Het stroomverbruik van 3667 kWh over de aanvankelijk gevorderde periode van
15 februari 2024 tot 1 juni 2024 is evenwel nog altijd onvoldoende onderbouwd. Zo ontbreekt een factuur. Over deze periode is geen bedrag toewijsbaar (maar de betaalde voorschotten in die periode rekent de kantonrechter hierna wel mee).
4.10.2.
De kantonrechter kan enkel als vaststaand aannemen de beginstand van 227.394 kWh en de stand van 15 februari 2024 (die 235.261 kWh), en daarmee een verbruik van 7.867 kWh (en niet 11.534 kWh). Dit vindt steun in de factuur van Essent. Voor zover op grond hiervan al moet worden gezegd dat de kosten over die eerste periode voldoende zijn onderbouwd - en de in feite “eisvermeerdering” is toegestaan - dient dit stroomverbruik van 7.867 kWh nog altijd te worden verrekend met € 2.300,00 aan voorschotten (de kantonrechter begrijpt dat [eisers] zelf het voorschot voor water meetelt, zodat de kantonrechter hierbij aansluit) en de borg van € 1.600,00, zodat onder de streep hoe dan ook geen bedrag toewijsbaar is aan stroomkosten.

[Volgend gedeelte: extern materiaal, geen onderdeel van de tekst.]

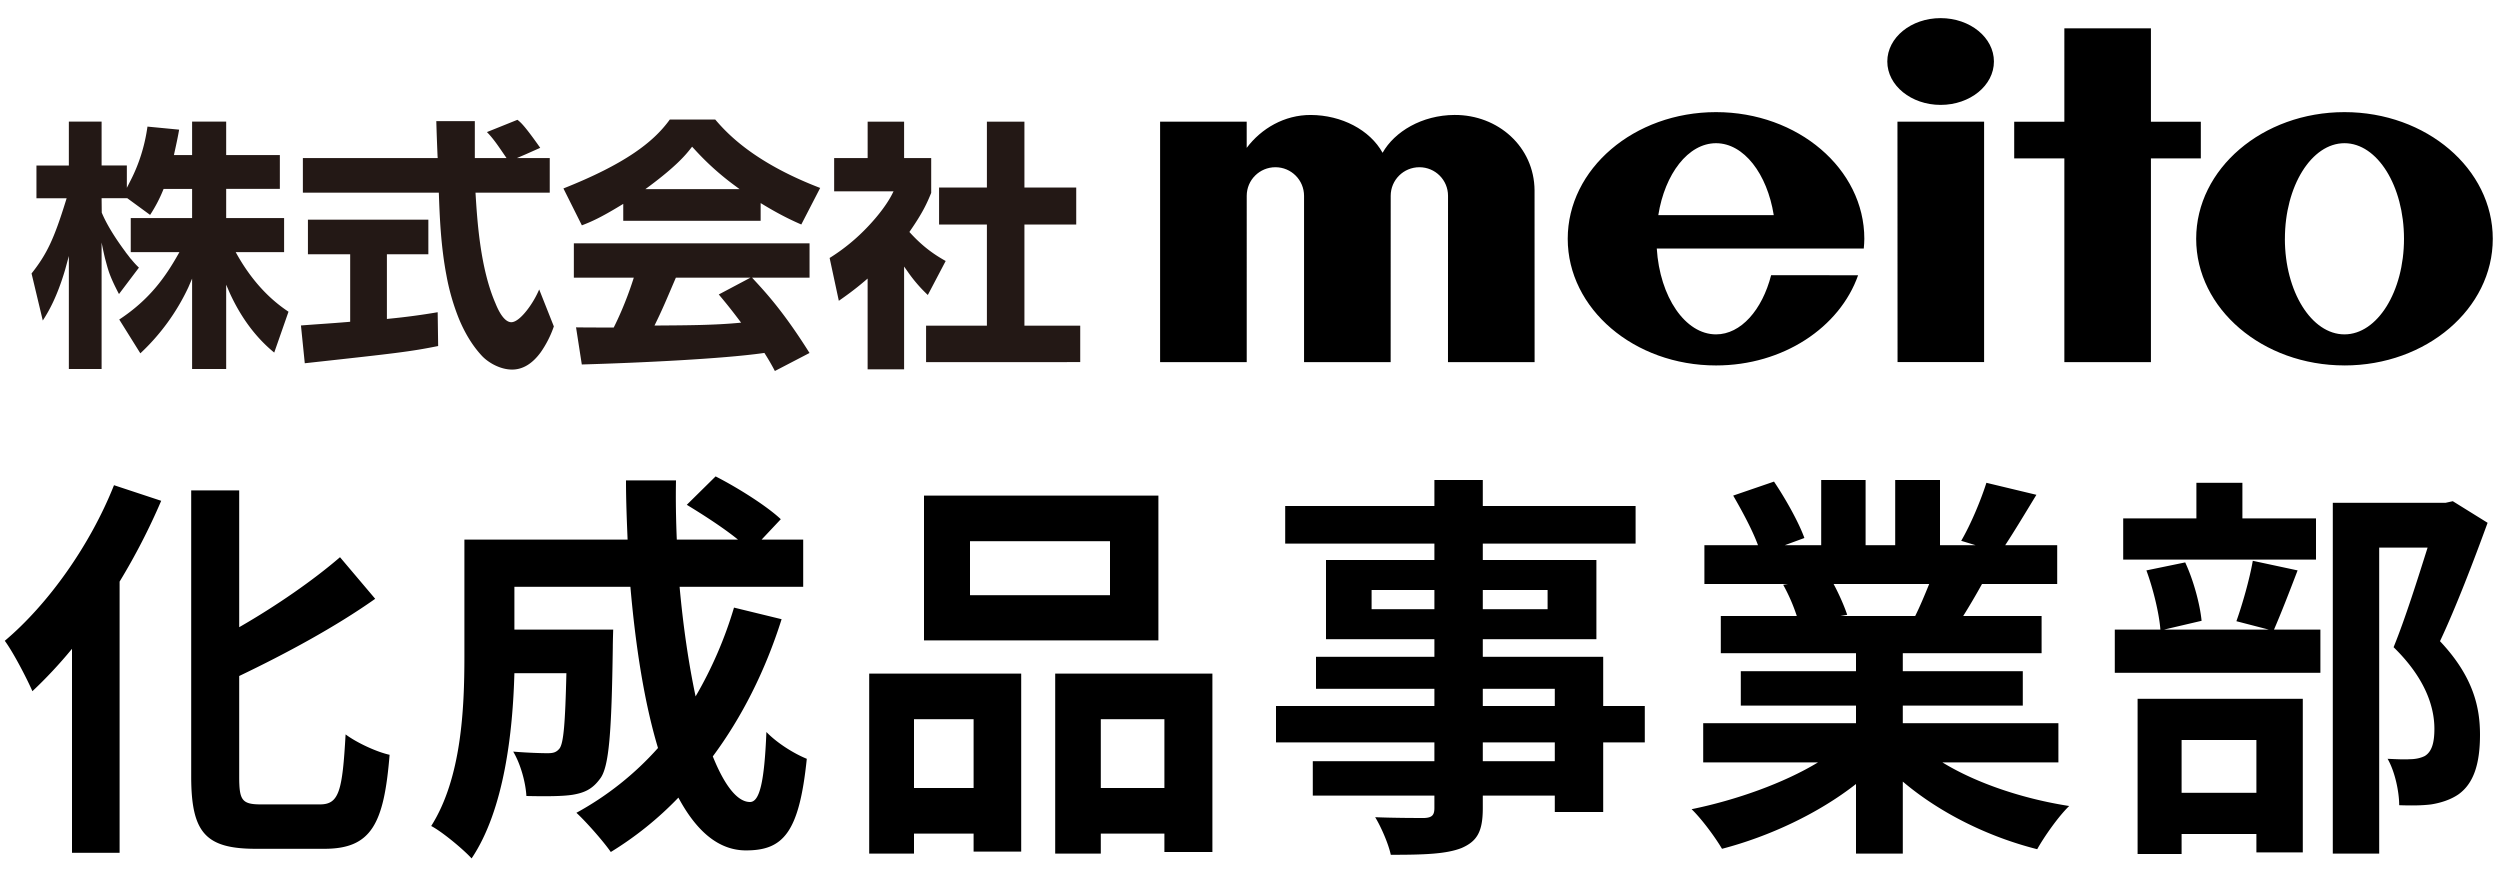 <svg fill="none" height="35" viewBox="0 0 100 35" width="100" xmlns="http://www.w3.org/2000/svg"><path d="M82.574 1.133h3.463V4.87h1.996v1.465h-1.996v8.15h-3.463v-8.15h-2.006V4.869h2.006zm11.205 13.485c3.276 0 5.932-2.269 5.932-5.066 0-2.798-2.656-5.067-5.932-5.067s-5.932 2.269-5.932 5.067c0 2.797 2.656 5.065 5.932 5.065zm-2.383-5.066c0-2.112 1.067-3.824 2.383-3.824S96.16 7.44 96.16 9.552c0 2.111-1.066 3.823-2.382 3.823s-2.383-1.712-2.383-3.823zM70.95 8.604c-.263-1.653-1.197-2.876-2.309-2.876s-2.046 1.223-2.309 2.877zm3.374 2.406c-.734 2.087-3 3.608-5.683 3.608-3.276 0-5.932-2.269-5.932-5.066 0-2.798 2.656-5.067 5.932-5.067s5.932 2.269 5.932 5.067c0 .126-.011.264-.022.388l-8.28.001c.12 1.932 1.135 3.434 2.37 3.434.995 0 1.847-.978 2.204-2.367zm-19.02-4.897c-.507-.917-1.64-1.51-2.877-1.514-1.047-.003-1.975.538-2.559 1.316V4.866h-3.464v9.62h3.465V7.832c0-.634.515-1.143 1.148-1.143s1.145.512 1.145 1.146v6.65h3.464l.002-6.653c0-.634.515-1.143 1.148-1.143s1.145.51 1.145 1.143l-.002 6.652h3.465l-.002-6.87c-.012-1.74-1.458-3.025-3.201-3.016-1.303.006-2.401.667-2.878 1.514zm20.598 8.37h3.462V4.866l-3.466.002zm-.41-12.022c0-.96.955-1.736 2.133-1.736s2.132.777 2.132 1.736-.955 1.735-2.132 1.735-2.133-.777-2.133-1.735z" fill="#000"/><path d="M7.684 14.761v-3.617l-.149.347a8.601 8.601 0 01-1.921 2.642l-.844-1.352c1.224-.805 1.849-1.714 2.34-2.578l.067-.117H5.23V8.723h2.454V7.557h-1.14l-.02.048a5.7 5.7 0 01-.52.991l-.912-.667H4.064l.006.576c.182.44.512.986.957 1.581h-.004l.11.14.097.128v-.006c.137.168.223.258.327.357l-.798 1.057c-.391-.747-.43-.961-.54-1.361-.057-.203-.155-.701-.155-.701v5.061h-1.31V10.24l-.153.562c-.32 1.081-.663 1.672-.89 2.019l-.449-1.882c.614-.776.9-1.384 1.372-2.908l.031-.1H1.458V6.62h1.296V4.865h1.31v1.753h1.01v.896l.147-.29c.342-.663.57-1.39.678-2.16l1.266.122c-.04.239-.093.494-.188.923l-.02.095h.727v-1.34h1.363v1.34h2.147v1.352H9.047v1.166h2.317v1.363H9.427l.066.117c.784 1.384 1.665 2.01 2.047 2.267l-.571 1.634c-.724-.59-1.32-1.386-1.772-2.368l-.15-.347v3.372zm12.801.022c-.492 0-.981-.295-1.228-.57-.354-.385-.655-.874-.896-1.453a8.923 8.923 0 01-.5-1.726c-.23-1.195-.274-2.384-.305-3.253l-.003-.075h-5.438V6.322h5.393l-.006-.083a96.405 96.405 0 01-.05-1.394h1.541v1.477h1.268l-.124-.181c-.233-.341-.422-.619-.66-.858l1.22-.491c.136.102.297.248.912 1.121l-.582.259-.349.15h1.312v1.384h-2.97l.006.095c.064 1.023.183 2.928.791 4.327.252.628.485.76.636.76.221 0 .49-.304.631-.486.19-.244.361-.536.484-.824l.586 1.478a4.158 4.158 0 01-.525 1.035c-.335.459-.72.692-1.145.692zm-8.447-1.764c.143-.012.468-.035.784-.058a70.328 70.328 0 001.115-.084l.07-.007v-2.7h-1.69V8.787h4.817v1.384h-1.658v2.588l.086-.01a27.03 27.03 0 001.945-.26l.019 1.352c-1.124.227-1.705.29-5.135.667l-.2.022zm17.982-1.913h-2.985c-.383.893-.526 1.247-.855 1.916 1.254-.01 2.401-.01 3.464-.116-.446-.595-.68-.872-.893-1.127zm.975 3.734a9.247 9.247 0 00-.392-.68l-.027-.043-.05.007c-1.63.23-4.909.388-7.254.455l-.23-1.485c.204.004.692.007 1.46.007h.047l.022-.044c.129-.257.46-.954.748-1.849l.033-.102h-2.398V9.732h9.428v1.374h-2.3l.12.131c.466.506 1.164 1.267 2.179 2.882zm-8.458-7.302c1.192-.473 2.12-.94 2.836-1.425.612-.416 1.065-.84 1.42-1.332h1.816c.265.312.65.725 1.273 1.188.791.587 1.775 1.108 2.925 1.549l-.755 1.462c-.31-.135-.798-.356-1.507-.785l-.119-.072v.71H24.93v-.678l-.119.072c-.785.477-1.16.643-1.536.787zm5.09-1.598c-.232.3-.627.74-1.621 1.484l-.189.14h3.765l-.189-.14a10.833 10.833 0 01-1.603-1.442l-.106-.114zm7.078 8.832v-3.63l-.129.11c-.396.338-.75.59-1.023.78l-.368-1.713a7.723 7.723 0 001.542-1.267c.419-.442.768-.91.958-1.286l.057-.113h-2.376V6.322h1.34V4.866h1.458v1.456h1.084v1.394c-.169.414-.34.793-.837 1.511l-.035.052.042.046c.543.592 1.01.89 1.409 1.115l-.714 1.36a5.853 5.853 0 01-.807-.937l-.142-.201v4.11zm2.338-.287v-1.458h2.433V8.98h-1.913V7.5h1.913V4.866h1.501V7.5h2.072v1.48h-2.072v4.046h2.232v1.458z" fill="#231815"/><path d="M92.64 20.736v1.648h-7.712v-1.648h2.928v-1.424h1.84v1.424zM90.256 29.6h-2.992v2.112h2.992zm-4.752 4.56v-6.208h6.608v6.144h-1.856v-.736h-2.992v.8zm4.608-11.728l1.792.384c-.336.88-.672 1.744-.944 2.368h1.856v1.728h-8.224v-1.728h1.824c-.048-.64-.288-1.632-.56-2.368l1.552-.32c.336.72.592 1.68.656 2.336l-1.504.352h4.192l-1.296-.336c.24-.672.528-1.68.656-2.416zm8-2.384l1.392.864c-.56 1.536-1.264 3.376-1.904 4.736 1.36 1.44 1.6 2.688 1.6 3.744 0 1.168-.256 1.952-.864 2.384-.304.208-.688.336-1.088.4-.368.048-.832.048-1.28.032 0-.512-.16-1.328-.464-1.856.352.016.656.032.896.016.224 0 .432-.048.592-.128.288-.176.384-.544.384-1.088 0-.864-.352-2.016-1.632-3.264.464-1.136.976-2.768 1.36-3.984h-1.936v12.24h-1.856V20.112h4.512zM77.168 23.36h-3.824c.224.416.432.896.544 1.232l-.272.048h2.992c.192-.384.384-.848.56-1.28zm5.168 7.136h-4.64c1.36.832 3.216 1.456 5.072 1.744-.432.416-.992 1.216-1.28 1.728-1.968-.496-3.904-1.456-5.376-2.704v2.88H74.24V31.36c-1.488 1.168-3.456 2.096-5.36 2.592-.272-.464-.816-1.2-1.216-1.584 1.792-.368 3.68-1.04 5.056-1.872h-4.592v-1.568h6.112v-.704h-4.608v-1.376h4.608v-.72h-5.408V24.64h3.04a7.19 7.19 0 00-.544-1.248l.192-.032h-3.344v-1.552h2.144c-.224-.608-.64-1.376-.992-1.984l1.632-.56c.464.688.992 1.632 1.216 2.256l-.784.288h1.456V19.2h1.776v2.608h1.184V19.2H77.6v2.608h1.424l-.576-.176c.384-.656.784-1.616 1.008-2.32l2 .48c-.448.736-.88 1.456-1.248 2.016h2.08v1.552H79.28c-.256.464-.512.896-.752 1.28h3.136v1.488h-5.552v.72h4.8v1.376h-4.8v.704h6.224zm-20.144-.048v-.752h-2.88v.752zm-2.88-2.896v.688h2.88v-.688zm-4.448-3.184h2.512V23.6h-2.512zm7.04-.768h-2.592v.768h2.592zm3.888 4.64v1.456h-1.664v2.784h-1.936v-.656h-2.88v.496c0 .944-.224 1.328-.848 1.6-.608.24-1.472.272-2.832.272-.096-.448-.384-1.104-.624-1.504.768.032 1.712.032 1.968.032.304-.016.4-.112.4-.4v-.496h-4.864v-1.376h4.864v-.752H51.04V28.24h6.336v-.688H52.64v-1.28h4.736v-.704H53.04V22.4h4.336v-.656h-5.968V20.24h5.968V19.2h1.936v1.04h6.112v1.504h-6.112v.656h4.544v3.168h-4.544v.704h4.816v1.968zM44.4 23.808v-2.16h-5.6v2.16zm1.936-3.984v5.792H36.96v-5.792zm-7.392 8.944H36.56v2.752h2.384zm-4.176 5.376v-7.2h6.08v7.12h-1.904v-.72H36.56v.8zm9.264-2.624h2.544v-2.752h-2.544zm-1.824-4.576h6.288v7.136h-1.92v-.736h-2.544v.8h-1.824zm-12.848-2.64l1.904.464c-.656 2.08-1.6 3.936-2.752 5.488.464 1.152.976 1.824 1.488 1.824.384 0 .576-.8.656-2.8.432.448 1.104.864 1.616 1.072-.304 2.96-.944 3.664-2.432 3.664-1.12 0-2-.8-2.704-2.112a13.561 13.561 0 01-2.704 2.176c-.288-.416-.976-1.2-1.376-1.568a12.223 12.223 0 003.264-2.592c-.544-1.808-.896-4.048-1.104-6.448h-4.64v1.712h3.952s-.016.496-.016.72c-.048 3.36-.144 4.784-.512 5.248-.304.416-.624.56-1.104.64-.416.064-1.104.064-1.84.048-.032-.56-.24-1.296-.528-1.776.576.048 1.12.064 1.376.064.224 0 .352-.032.48-.192.16-.224.224-.992.272-3.008h-2.08c-.064 2.336-.4 5.456-1.712 7.408-.336-.368-1.184-1.072-1.616-1.296 1.216-1.92 1.328-4.704 1.328-6.784v-4.672h6.528c-.032-.784-.064-1.568-.064-2.368h2c-.016.8 0 1.584.032 2.368h2.448c-.592-.48-1.392-.992-2.048-1.392l1.152-1.136c.88.448 2.048 1.184 2.608 1.712l-.768.816h1.664v1.888h-4.944c.144 1.6.368 3.104.64 4.384a16.196 16.196 0 001.536-3.552zm-24.8-4.896l1.888.624a25.77 25.77 0 01-1.664 3.232v10.848H2.88v-8.16c-.512.624-1.056 1.2-1.584 1.696-.208-.48-.752-1.536-1.104-2.016C1.92 24.176 3.6 21.824 4.56 19.408zm5.888 12.768H12.8c.768 0 .896-.544 1.024-2.8.448.336 1.248.704 1.76.816-.224 2.752-.72 3.76-2.608 3.76H10.24c-2.016 0-2.592-.64-2.592-2.896v-11.44h1.92v5.472c1.504-.864 2.976-1.888 4.032-2.8l1.408 1.664c-1.584 1.12-3.568 2.192-5.44 3.088v4.032c0 .944.112 1.104.88 1.104z" fill="#000"/></svg>

De kantonrechter merkt volledigheidshalve nog op dat [gedaagde] weliswaar heeft aangegeven dat hij geen naheffing verwachtte, maar dat geen relatie is gelegd met artikel 5.6 van de huurovereenkomst (en hier ook geen gevolgen aan zijn verbonden). De kantonrechter komt aan dit alles niet toe, omdat dit de uitkomst niet anders kan maken. Nu er geen tegeneis ligt van [gedaagde] om (een deel van) de borg terug te betalen, behoeft een en ander hier verder geen uiteenzetting.
4.11.
Gezien het vorenstaande is de vordering niet toewijsbaar. De nevenvorderingen met betrekking tot de rente en incassokosten - zo dit laatste al met de vermindering van eis is gehandhaafd - delen dit lot.
4.12.
[eisers] wordt in het ongelijk gesteld en moet daarom de proceskosten (inclusief nakosten) betalen. De proceskosten van [gedaagde] worden begroot op:
- salaris gemachtigde
408,00
(2 punten × € 204,00)
- nakosten
102,00
(plus de kosten van betekening zoals vermeld in de beslissing)
Totaal
510,00
5. De beslissing
De kantonrechter
5.1.
wijst de vorderingen van [eisers] af,
5.2.
veroordeelt [eisers] in de proceskosten van € 510,00, te betalen binnen veertien dagen na aanschrijving daartoe, te vermeerderen met de kosten van betekening als [eisers] niet tijdig aan de veroordelingen voldoet en het vonnis daarna wordt betekend.
Dit vonnis is gewezen door mr. R.P.J. Quaedackers en in het openbaar uitgesproken op 15 oktober 2025.